Data extract.
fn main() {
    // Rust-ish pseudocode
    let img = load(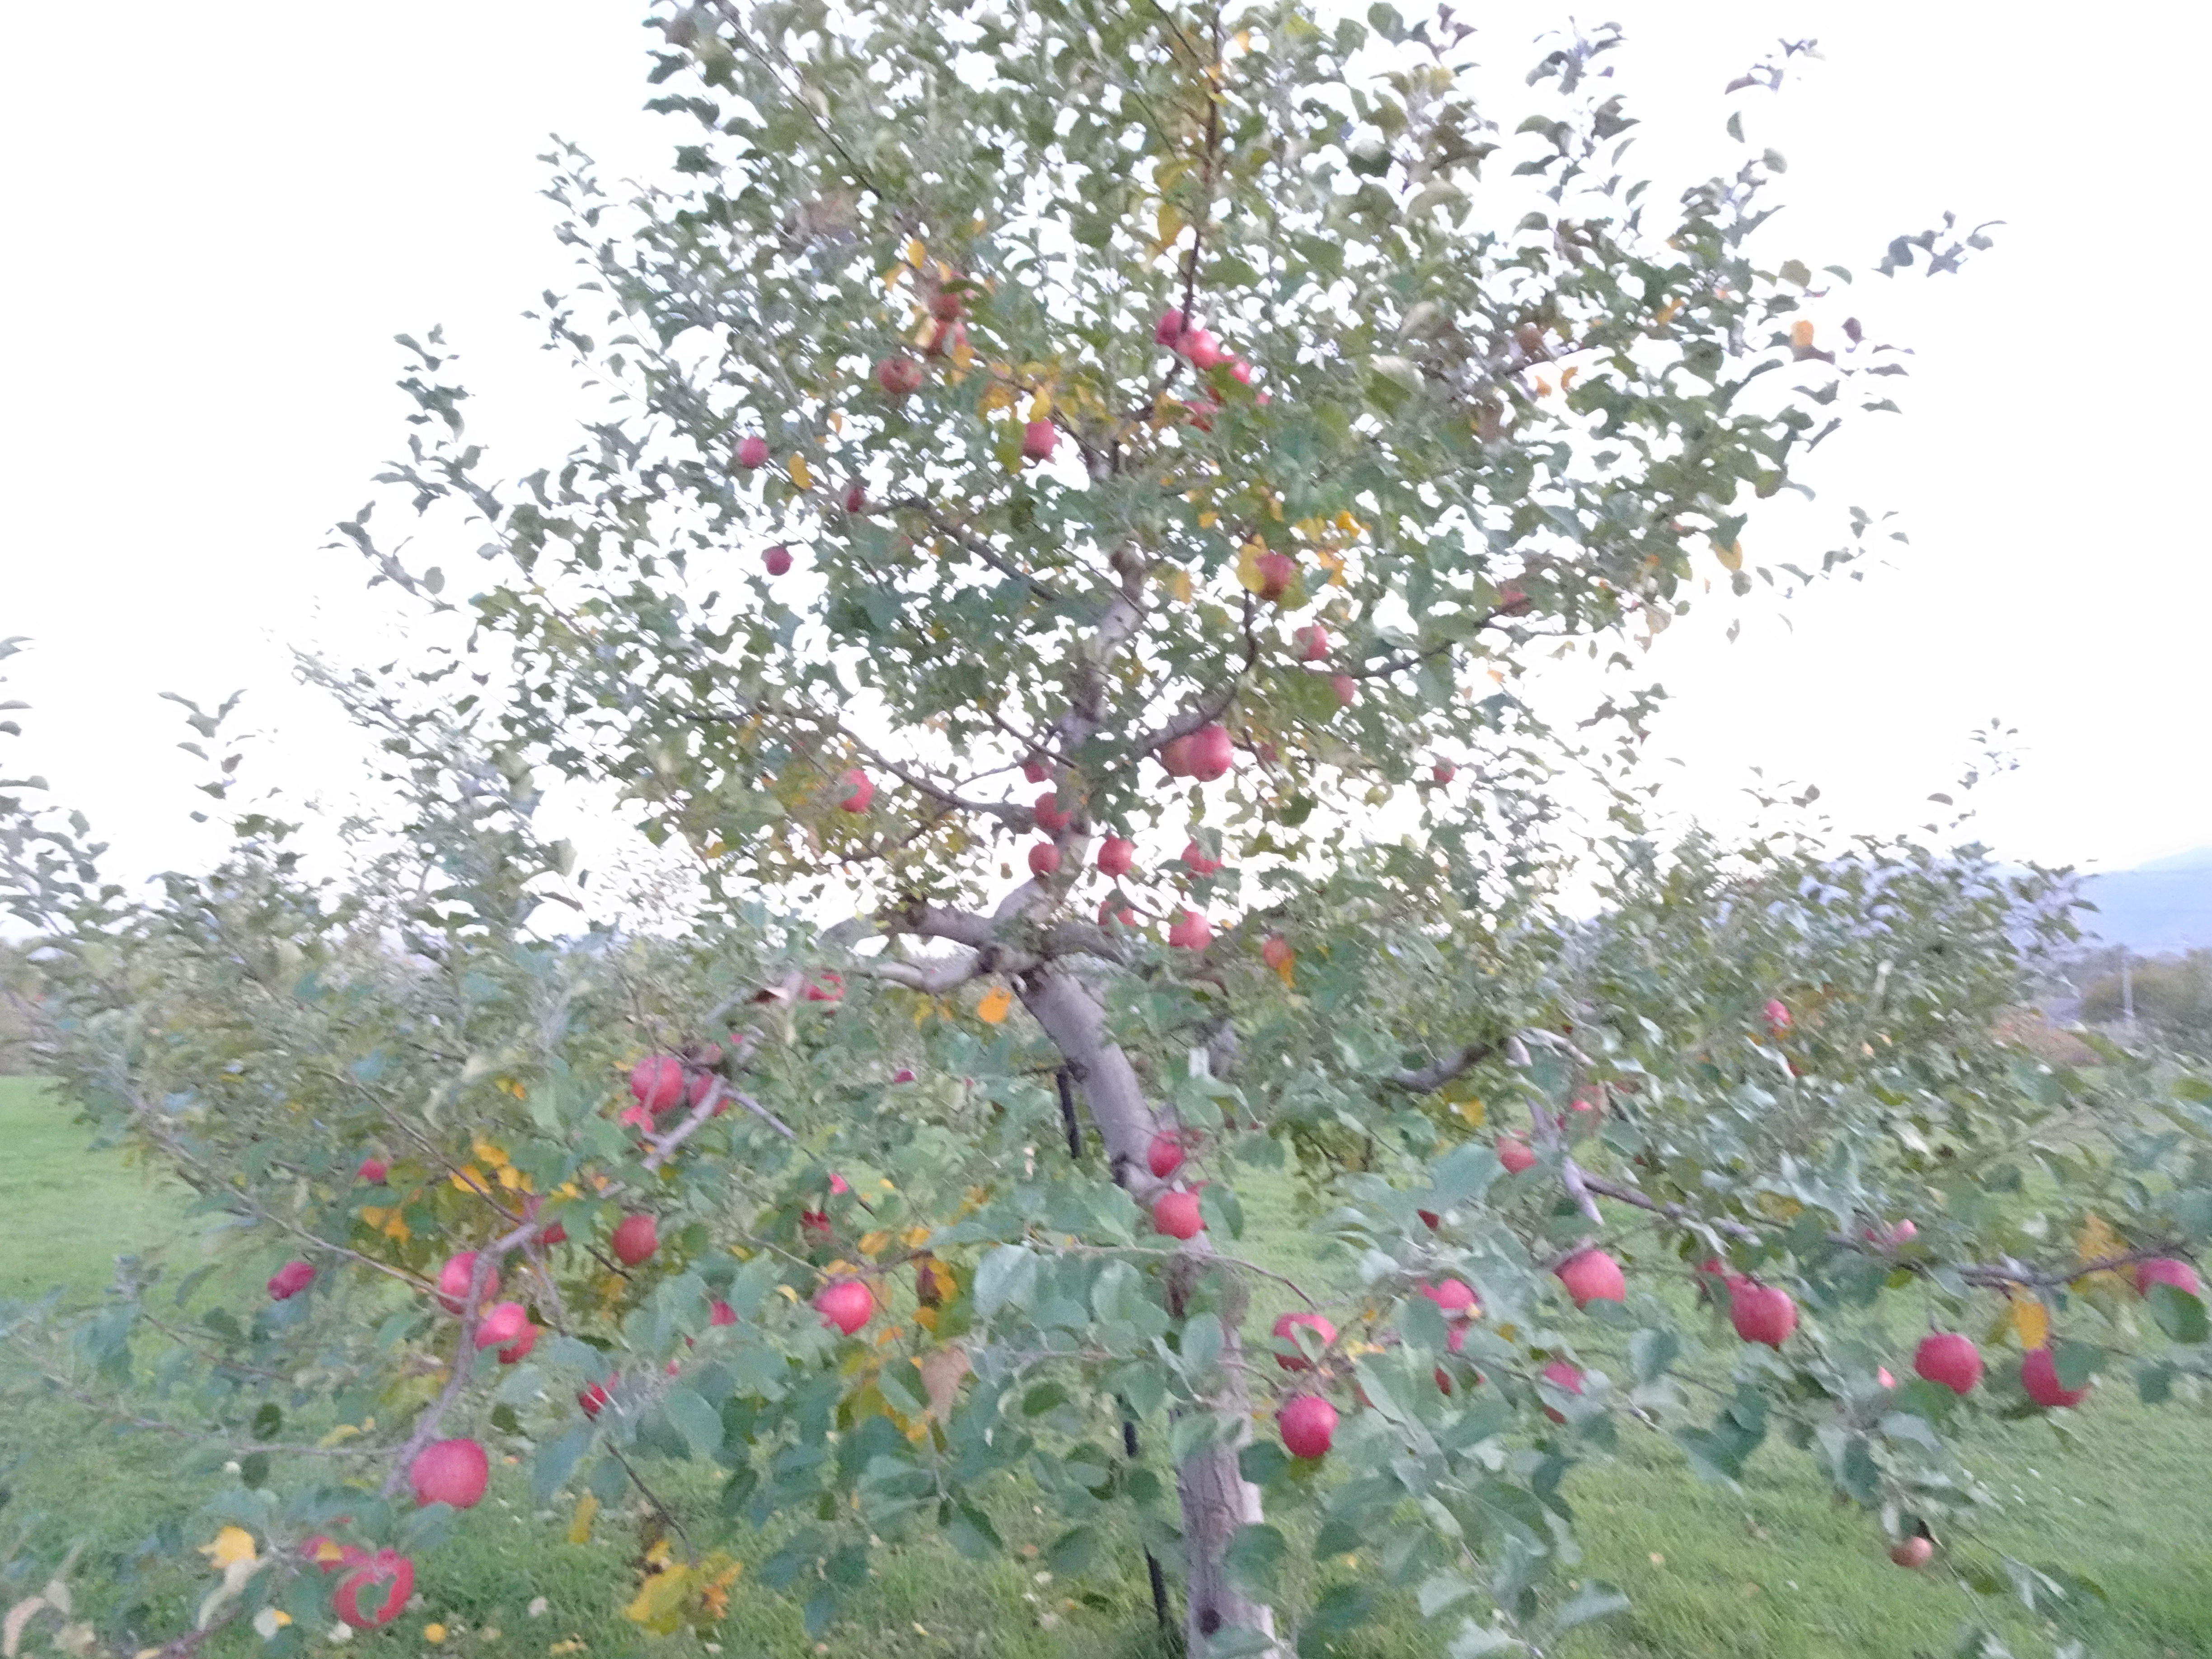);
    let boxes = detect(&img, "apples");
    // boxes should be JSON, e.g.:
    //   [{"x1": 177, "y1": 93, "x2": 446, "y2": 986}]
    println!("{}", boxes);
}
[
  {"x1": 616, "y1": 1107, "x2": 655, "y2": 1150},
  {"x1": 1481, "y1": 427, "x2": 1501, "y2": 445},
  {"x1": 2021, "y1": 1342, "x2": 2092, "y2": 1407},
  {"x1": 1410, "y1": 1270, "x2": 1477, "y2": 1352},
  {"x1": 1152, "y1": 1190, "x2": 1204, "y2": 1240},
  {"x1": 1890, "y1": 1534, "x2": 1933, "y2": 1569},
  {"x1": 691, "y1": 1073, "x2": 730, "y2": 1120},
  {"x1": 613, "y1": 1215, "x2": 670, "y2": 1275},
  {"x1": 436, "y1": 1250, "x2": 501, "y2": 1314},
  {"x1": 1786, "y1": 1062, "x2": 1810, "y2": 1084},
  {"x1": 877, "y1": 352, "x2": 927, "y2": 397},
  {"x1": 1539, "y1": 1356, "x2": 1606, "y2": 1425},
  {"x1": 1645, "y1": 551, "x2": 1670, "y2": 572},
  {"x1": 1033, "y1": 792, "x2": 1075, "y2": 831},
  {"x1": 410, "y1": 1438, "x2": 490, "y2": 1511},
  {"x1": 2136, "y1": 1255, "x2": 2200, "y2": 1320},
  {"x1": 1516, "y1": 327, "x2": 1544, "y2": 353},
  {"x1": 803, "y1": 1216, "x2": 848, "y2": 1251},
  {"x1": 686, "y1": 1291, "x2": 739, "y2": 1346},
  {"x1": 581, "y1": 1364, "x2": 631, "y2": 1415},
  {"x1": 1281, "y1": 1393, "x2": 1340, "y2": 1459},
  {"x1": 633, "y1": 1057, "x2": 686, "y2": 1112},
  {"x1": 1196, "y1": 164, "x2": 1226, "y2": 186},
  {"x1": 839, "y1": 482, "x2": 870, "y2": 513},
  {"x1": 1322, "y1": 671, "x2": 1356, "y2": 706},
  {"x1": 1241, "y1": 390, "x2": 1277, "y2": 421},
  {"x1": 1209, "y1": 354, "x2": 1252, "y2": 398},
  {"x1": 267, "y1": 1258, "x2": 320, "y2": 1305},
  {"x1": 1561, "y1": 998, "x2": 1599, "y2": 1037},
  {"x1": 1494, "y1": 575, "x2": 1537, "y2": 618},
  {"x1": 1177, "y1": 328, "x2": 1220, "y2": 368},
  {"x1": 790, "y1": 738, "x2": 818, "y2": 761},
  {"x1": 1154, "y1": 307, "x2": 1194, "y2": 345},
  {"x1": 1249, "y1": 553, "x2": 1298, "y2": 604},
  {"x1": 1224, "y1": 1114, "x2": 1243, "y2": 1134},
  {"x1": 1097, "y1": 894, "x2": 1135, "y2": 939},
  {"x1": 1727, "y1": 1282, "x2": 1796, "y2": 1342},
  {"x1": 643, "y1": 1349, "x2": 683, "y2": 1390},
  {"x1": 708, "y1": 1032, "x2": 757, "y2": 1077},
  {"x1": 1420, "y1": 1355, "x2": 1488, "y2": 1415},
  {"x1": 1146, "y1": 1127, "x2": 1205, "y2": 1180},
  {"x1": 1913, "y1": 1330, "x2": 1984, "y2": 1396},
  {"x1": 1024, "y1": 750, "x2": 1052, "y2": 784},
  {"x1": 297, "y1": 1516, "x2": 358, "y2": 1578},
  {"x1": 803, "y1": 1170, "x2": 850, "y2": 1221},
  {"x1": 1429, "y1": 313, "x2": 1456, "y2": 340},
  {"x1": 765, "y1": 546, "x2": 792, "y2": 575},
  {"x1": 1492, "y1": 1127, "x2": 1545, "y2": 1175},
  {"x1": 1745, "y1": 991, "x2": 1792, "y2": 1044},
  {"x1": 816, "y1": 1281, "x2": 874, "y2": 1337},
  {"x1": 923, "y1": 271, "x2": 972, "y2": 323},
  {"x1": 1186, "y1": 726, "x2": 1233, "y2": 782},
  {"x1": 334, "y1": 1548, "x2": 415, "y2": 1629},
  {"x1": 1161, "y1": 735, "x2": 1207, "y2": 778},
  {"x1": 1263, "y1": 934, "x2": 1303, "y2": 971},
  {"x1": 918, "y1": 316, "x2": 969, "y2": 366},
  {"x1": 1553, "y1": 1239, "x2": 1628, "y2": 1317},
  {"x1": 1256, "y1": 744, "x2": 1287, "y2": 776},
  {"x1": 1859, "y1": 1366, "x2": 1898, "y2": 1404},
  {"x1": 1863, "y1": 1211, "x2": 1918, "y2": 1262},
  {"x1": 1113, "y1": 539, "x2": 1138, "y2": 563},
  {"x1": 738, "y1": 436, "x2": 770, "y2": 468},
  {"x1": 915, "y1": 1261, "x2": 968, "y2": 1312},
  {"x1": 1180, "y1": 396, "x2": 1222, "y2": 439},
  {"x1": 953, "y1": 1074, "x2": 978, "y2": 1099},
  {"x1": 1432, "y1": 760, "x2": 1458, "y2": 784},
  {"x1": 1195, "y1": 389, "x2": 1242, "y2": 423},
  {"x1": 1694, "y1": 1248, "x2": 1752, "y2": 1303},
  {"x1": 1247, "y1": 1119, "x2": 1266, "y2": 1137},
  {"x1": 1473, "y1": 404, "x2": 1501, "y2": 428},
  {"x1": 1271, "y1": 1313, "x2": 1338, "y2": 1374},
  {"x1": 1611, "y1": 1079, "x2": 1633, "y2": 1099},
  {"x1": 520, "y1": 1192, "x2": 577, "y2": 1245},
  {"x1": 1028, "y1": 841, "x2": 1064, "y2": 877},
  {"x1": 1292, "y1": 625, "x2": 1328, "y2": 663},
  {"x1": 1167, "y1": 910, "x2": 1213, "y2": 956},
  {"x1": 1555, "y1": 1082, "x2": 1616, "y2": 1130},
  {"x1": 1862, "y1": 1030, "x2": 1894, "y2": 1061},
  {"x1": 1599, "y1": 578, "x2": 1623, "y2": 599},
  {"x1": 1182, "y1": 839, "x2": 1225, "y2": 886},
  {"x1": 476, "y1": 1301, "x2": 538, "y2": 1363},
  {"x1": 806, "y1": 971, "x2": 848, "y2": 1015},
  {"x1": 1019, "y1": 417, "x2": 1055, "y2": 460},
  {"x1": 1096, "y1": 835, "x2": 1135, "y2": 877},
  {"x1": 834, "y1": 768, "x2": 875, "y2": 815},
  {"x1": 353, "y1": 1148, "x2": 398, "y2": 1185},
  {"x1": 893, "y1": 1069, "x2": 918, "y2": 1093},
  {"x1": 1344, "y1": 1352, "x2": 1405, "y2": 1411}
]
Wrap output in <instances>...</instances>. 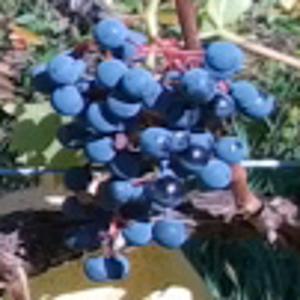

Work order. Using only the data above, copy out the lines that include the word "boxes".

Your solution.
    let boxes = detect(&img, "apples");
    // boxes should be JSON, e.g.:
    println!("{}", boxes);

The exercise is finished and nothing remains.